## Supplied data
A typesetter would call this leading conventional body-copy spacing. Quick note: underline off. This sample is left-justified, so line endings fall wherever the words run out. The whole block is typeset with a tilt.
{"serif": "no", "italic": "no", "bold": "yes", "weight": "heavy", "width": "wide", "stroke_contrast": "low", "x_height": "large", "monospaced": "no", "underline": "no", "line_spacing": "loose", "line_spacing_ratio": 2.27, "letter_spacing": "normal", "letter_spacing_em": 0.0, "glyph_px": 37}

==

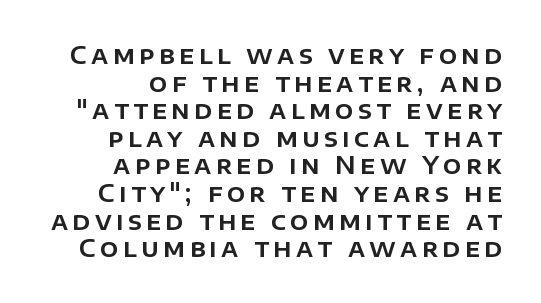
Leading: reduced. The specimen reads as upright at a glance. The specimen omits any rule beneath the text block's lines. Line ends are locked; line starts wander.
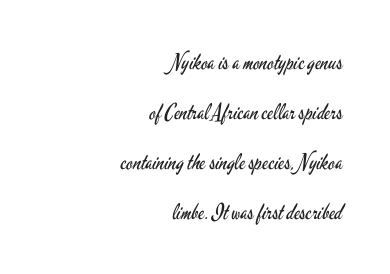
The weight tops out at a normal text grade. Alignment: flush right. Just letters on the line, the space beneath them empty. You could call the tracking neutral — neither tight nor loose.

## Required action
Search the records for lines holding the word "underline", then copy each line you find.

## Response
A typesetter would call this leading conventional body-copy spacing. Quick note: underline off. This sample is left-justified, so line endings fall wherever the words run out. The whole block is typeset with a tilt.
{"serif": "no", "italic": "no", "bold": "yes", "weight": "heavy", "width": "wide", "stroke_contrast": "low", "x_height": "large", "monospaced": "no", "underline": "no", "line_spacing": "loose", "line_spacing_ratio": 2.27, "letter_spacing": "normal", "letter_spacing_em": 0.0, "glyph_px": 37}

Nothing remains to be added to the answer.